[DATA SUPPLIED — start]

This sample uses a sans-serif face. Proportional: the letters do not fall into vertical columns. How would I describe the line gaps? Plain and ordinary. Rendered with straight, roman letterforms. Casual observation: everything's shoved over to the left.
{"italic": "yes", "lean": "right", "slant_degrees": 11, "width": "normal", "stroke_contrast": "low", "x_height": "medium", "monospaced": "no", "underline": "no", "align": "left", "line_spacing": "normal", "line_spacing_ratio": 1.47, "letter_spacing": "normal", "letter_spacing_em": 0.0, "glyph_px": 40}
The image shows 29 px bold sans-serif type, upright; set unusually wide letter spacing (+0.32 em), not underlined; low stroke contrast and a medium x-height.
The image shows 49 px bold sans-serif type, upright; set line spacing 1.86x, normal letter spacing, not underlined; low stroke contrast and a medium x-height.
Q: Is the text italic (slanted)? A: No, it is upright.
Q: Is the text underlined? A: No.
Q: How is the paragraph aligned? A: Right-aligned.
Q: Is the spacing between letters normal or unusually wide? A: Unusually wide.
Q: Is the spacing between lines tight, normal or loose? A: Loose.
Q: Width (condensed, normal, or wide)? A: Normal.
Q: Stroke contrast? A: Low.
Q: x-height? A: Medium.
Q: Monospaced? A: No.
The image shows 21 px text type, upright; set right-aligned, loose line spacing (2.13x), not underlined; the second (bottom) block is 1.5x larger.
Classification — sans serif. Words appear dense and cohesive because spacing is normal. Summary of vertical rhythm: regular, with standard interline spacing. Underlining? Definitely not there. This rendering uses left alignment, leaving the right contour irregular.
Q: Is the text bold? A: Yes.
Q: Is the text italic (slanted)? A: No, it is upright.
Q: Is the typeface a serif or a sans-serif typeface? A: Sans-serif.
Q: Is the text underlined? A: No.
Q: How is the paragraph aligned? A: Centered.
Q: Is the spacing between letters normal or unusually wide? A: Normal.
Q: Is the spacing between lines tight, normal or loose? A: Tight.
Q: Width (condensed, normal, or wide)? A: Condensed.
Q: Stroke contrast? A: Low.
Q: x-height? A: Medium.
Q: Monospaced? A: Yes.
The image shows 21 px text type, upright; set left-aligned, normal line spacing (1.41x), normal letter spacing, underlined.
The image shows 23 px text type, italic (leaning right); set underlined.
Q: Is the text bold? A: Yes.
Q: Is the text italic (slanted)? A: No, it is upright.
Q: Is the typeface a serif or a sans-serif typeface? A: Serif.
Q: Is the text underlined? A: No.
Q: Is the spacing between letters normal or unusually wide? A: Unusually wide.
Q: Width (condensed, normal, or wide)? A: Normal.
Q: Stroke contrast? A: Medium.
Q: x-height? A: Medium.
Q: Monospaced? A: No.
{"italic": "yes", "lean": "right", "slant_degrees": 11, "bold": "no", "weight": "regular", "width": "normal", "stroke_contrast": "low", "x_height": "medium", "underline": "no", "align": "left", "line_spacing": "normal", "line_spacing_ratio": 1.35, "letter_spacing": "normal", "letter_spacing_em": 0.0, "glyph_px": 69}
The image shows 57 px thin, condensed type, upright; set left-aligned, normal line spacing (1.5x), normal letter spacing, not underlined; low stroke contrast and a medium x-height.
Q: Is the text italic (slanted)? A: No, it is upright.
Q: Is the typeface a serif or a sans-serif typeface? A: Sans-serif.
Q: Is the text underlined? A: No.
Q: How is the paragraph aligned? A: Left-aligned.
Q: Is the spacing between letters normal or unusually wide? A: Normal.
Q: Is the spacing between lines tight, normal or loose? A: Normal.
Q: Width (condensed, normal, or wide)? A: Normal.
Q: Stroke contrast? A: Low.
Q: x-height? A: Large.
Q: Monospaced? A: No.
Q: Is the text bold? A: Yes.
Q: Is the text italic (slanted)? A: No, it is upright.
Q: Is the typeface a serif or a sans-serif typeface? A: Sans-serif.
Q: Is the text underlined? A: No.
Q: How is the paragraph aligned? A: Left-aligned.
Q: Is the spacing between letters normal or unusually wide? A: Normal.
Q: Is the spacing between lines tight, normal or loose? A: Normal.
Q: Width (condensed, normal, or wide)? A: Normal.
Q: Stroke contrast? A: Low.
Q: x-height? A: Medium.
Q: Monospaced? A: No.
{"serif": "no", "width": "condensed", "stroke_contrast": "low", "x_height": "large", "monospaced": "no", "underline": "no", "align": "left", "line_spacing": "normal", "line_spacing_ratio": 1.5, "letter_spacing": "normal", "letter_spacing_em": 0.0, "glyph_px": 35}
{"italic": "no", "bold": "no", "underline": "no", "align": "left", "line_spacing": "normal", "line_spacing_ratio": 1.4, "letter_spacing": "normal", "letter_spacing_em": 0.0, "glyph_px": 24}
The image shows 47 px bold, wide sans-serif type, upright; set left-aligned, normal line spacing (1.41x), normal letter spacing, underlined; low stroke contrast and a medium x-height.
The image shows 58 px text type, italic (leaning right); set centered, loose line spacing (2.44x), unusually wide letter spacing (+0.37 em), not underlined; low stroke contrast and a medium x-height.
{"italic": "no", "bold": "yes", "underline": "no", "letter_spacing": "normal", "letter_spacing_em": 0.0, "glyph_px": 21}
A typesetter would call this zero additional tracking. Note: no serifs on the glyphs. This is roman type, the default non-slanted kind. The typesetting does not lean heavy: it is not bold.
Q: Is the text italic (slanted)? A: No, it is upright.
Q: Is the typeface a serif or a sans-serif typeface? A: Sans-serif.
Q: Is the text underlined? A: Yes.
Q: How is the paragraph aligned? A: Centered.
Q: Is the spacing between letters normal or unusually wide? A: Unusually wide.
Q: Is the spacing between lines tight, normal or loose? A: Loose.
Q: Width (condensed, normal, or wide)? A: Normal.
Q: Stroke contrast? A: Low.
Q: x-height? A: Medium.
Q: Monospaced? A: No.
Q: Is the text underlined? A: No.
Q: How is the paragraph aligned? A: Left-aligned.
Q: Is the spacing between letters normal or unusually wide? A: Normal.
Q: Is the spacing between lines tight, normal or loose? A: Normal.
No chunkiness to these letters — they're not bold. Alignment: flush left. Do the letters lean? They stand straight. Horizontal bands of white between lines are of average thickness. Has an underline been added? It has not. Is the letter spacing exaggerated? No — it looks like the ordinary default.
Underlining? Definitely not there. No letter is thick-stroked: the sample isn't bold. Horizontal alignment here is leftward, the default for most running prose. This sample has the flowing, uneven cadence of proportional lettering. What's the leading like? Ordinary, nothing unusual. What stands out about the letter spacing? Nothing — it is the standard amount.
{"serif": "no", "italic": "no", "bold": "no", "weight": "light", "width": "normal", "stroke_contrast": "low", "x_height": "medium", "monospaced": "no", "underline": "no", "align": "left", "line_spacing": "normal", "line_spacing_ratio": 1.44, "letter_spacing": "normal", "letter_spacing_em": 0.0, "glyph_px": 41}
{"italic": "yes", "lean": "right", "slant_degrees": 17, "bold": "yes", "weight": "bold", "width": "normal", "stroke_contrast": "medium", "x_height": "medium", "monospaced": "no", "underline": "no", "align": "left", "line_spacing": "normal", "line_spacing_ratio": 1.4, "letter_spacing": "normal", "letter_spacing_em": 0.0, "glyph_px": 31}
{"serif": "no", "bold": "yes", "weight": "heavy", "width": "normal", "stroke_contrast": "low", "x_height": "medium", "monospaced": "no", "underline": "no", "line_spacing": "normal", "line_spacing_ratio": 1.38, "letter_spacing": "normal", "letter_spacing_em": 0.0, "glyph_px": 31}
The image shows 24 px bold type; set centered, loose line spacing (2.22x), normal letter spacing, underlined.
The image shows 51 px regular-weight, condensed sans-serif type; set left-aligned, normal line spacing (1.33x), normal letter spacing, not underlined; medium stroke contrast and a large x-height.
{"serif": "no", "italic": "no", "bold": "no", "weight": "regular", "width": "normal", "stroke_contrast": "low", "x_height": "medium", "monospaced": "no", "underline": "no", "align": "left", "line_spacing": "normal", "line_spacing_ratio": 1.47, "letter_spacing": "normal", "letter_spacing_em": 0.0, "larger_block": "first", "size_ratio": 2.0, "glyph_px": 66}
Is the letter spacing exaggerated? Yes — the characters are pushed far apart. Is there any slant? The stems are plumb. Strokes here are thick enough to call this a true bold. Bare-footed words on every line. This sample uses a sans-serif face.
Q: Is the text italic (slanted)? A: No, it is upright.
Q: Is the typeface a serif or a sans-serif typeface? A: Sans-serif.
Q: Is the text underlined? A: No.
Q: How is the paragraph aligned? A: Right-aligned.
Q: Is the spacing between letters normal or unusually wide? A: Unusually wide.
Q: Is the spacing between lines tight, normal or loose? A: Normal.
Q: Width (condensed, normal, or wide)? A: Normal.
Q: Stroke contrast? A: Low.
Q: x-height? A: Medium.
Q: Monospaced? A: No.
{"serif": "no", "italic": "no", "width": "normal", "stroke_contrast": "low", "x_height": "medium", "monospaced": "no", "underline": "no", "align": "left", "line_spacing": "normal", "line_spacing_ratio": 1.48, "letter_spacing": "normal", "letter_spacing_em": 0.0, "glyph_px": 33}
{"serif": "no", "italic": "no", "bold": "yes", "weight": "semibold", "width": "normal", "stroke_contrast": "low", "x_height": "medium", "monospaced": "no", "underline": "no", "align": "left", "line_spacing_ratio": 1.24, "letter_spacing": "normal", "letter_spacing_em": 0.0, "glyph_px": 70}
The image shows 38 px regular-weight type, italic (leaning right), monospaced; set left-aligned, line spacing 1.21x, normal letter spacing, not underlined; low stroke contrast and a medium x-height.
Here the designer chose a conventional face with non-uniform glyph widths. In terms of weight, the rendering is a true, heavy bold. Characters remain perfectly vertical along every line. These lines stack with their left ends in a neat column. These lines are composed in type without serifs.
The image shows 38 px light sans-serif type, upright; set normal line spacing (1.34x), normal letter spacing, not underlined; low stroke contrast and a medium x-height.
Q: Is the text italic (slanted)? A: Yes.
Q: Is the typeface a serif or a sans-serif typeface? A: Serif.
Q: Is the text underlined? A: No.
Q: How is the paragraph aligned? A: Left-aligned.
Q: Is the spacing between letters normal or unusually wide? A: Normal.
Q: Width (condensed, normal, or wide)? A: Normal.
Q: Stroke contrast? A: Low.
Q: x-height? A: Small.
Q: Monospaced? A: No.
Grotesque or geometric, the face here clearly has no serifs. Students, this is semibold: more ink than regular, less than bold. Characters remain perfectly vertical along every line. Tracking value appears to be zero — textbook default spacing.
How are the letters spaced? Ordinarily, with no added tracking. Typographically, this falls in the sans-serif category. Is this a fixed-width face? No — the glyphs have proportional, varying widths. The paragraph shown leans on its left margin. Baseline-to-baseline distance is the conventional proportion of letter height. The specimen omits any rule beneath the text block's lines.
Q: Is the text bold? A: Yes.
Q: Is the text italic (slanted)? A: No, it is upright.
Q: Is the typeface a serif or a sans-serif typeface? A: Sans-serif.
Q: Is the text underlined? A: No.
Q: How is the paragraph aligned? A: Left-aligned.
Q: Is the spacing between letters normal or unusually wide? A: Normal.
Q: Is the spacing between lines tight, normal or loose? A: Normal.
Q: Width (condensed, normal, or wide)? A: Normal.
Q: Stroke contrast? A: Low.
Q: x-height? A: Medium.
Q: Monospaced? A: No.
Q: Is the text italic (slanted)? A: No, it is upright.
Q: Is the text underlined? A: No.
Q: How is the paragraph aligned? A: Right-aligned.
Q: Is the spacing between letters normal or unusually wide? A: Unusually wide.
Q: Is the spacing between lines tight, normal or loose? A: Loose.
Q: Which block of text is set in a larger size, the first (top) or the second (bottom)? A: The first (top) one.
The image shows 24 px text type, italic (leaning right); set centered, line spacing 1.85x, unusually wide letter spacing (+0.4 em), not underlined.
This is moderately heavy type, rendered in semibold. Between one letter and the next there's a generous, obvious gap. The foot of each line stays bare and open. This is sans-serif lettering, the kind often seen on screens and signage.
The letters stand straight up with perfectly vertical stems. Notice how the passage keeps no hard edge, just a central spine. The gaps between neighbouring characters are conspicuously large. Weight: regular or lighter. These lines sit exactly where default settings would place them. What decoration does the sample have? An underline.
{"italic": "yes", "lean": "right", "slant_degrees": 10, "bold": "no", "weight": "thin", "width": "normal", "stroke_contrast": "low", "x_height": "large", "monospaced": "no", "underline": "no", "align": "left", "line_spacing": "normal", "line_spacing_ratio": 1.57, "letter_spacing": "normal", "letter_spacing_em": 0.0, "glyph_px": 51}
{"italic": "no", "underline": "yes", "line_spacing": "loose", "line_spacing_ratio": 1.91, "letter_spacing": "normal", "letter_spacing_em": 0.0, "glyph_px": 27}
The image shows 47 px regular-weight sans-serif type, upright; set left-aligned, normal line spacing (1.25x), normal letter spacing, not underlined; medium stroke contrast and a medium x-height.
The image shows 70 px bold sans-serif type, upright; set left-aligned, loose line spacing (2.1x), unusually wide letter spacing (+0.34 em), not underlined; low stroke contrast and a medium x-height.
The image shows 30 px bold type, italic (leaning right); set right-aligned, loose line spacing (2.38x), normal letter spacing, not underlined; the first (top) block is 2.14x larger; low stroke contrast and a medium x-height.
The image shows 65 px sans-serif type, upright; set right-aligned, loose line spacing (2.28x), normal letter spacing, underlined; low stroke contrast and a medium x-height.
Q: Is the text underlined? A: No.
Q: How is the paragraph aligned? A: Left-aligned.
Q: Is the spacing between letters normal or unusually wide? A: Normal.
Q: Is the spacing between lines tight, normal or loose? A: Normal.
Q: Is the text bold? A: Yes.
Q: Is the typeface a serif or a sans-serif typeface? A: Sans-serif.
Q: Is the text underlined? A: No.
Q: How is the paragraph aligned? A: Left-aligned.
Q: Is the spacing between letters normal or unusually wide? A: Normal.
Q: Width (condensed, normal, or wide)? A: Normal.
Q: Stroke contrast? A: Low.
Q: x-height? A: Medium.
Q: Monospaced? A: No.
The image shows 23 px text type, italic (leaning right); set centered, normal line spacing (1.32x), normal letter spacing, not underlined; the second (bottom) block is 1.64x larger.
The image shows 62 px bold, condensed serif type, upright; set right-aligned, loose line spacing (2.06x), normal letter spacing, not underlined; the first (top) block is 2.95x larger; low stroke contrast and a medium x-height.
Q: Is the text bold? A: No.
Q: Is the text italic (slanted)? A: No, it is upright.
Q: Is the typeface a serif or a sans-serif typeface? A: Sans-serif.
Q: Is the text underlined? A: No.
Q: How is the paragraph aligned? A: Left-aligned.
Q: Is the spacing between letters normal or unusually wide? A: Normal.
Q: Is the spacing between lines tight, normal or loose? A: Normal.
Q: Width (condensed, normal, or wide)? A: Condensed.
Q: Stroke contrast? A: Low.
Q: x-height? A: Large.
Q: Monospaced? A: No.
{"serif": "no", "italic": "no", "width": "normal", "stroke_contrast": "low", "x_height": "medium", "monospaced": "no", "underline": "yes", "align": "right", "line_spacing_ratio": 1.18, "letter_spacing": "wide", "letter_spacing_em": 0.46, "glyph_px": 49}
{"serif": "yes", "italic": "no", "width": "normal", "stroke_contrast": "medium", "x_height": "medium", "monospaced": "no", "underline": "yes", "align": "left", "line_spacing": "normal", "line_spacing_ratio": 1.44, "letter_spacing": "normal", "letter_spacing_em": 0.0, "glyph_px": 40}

[DATA SUPPLIED — finish]

GOAL OF THE EXERCISE
Look for the word "What" throughout the material above and copy every line that has it.

SOLUTION TO THE PROBLEM
Underlining? Definitely not there. No letter is thick-stroked: the sample isn't bold. Horizontal alignment here is leftward, the default for most running prose. This sample has the flowing, uneven cadence of proportional lettering. What's the leading like? Ordinary, nothing unusual. What stands out about the letter spacing? Nothing — it is the standard amount.
The letters stand straight up with perfectly vertical stems. Notice how the passage keeps no hard edge, just a central spine. The gaps between neighbouring characters are conspicuously large. Weight: regular or lighter. These lines sit exactly where default settings would place them. What decoration does the sample have? An underline.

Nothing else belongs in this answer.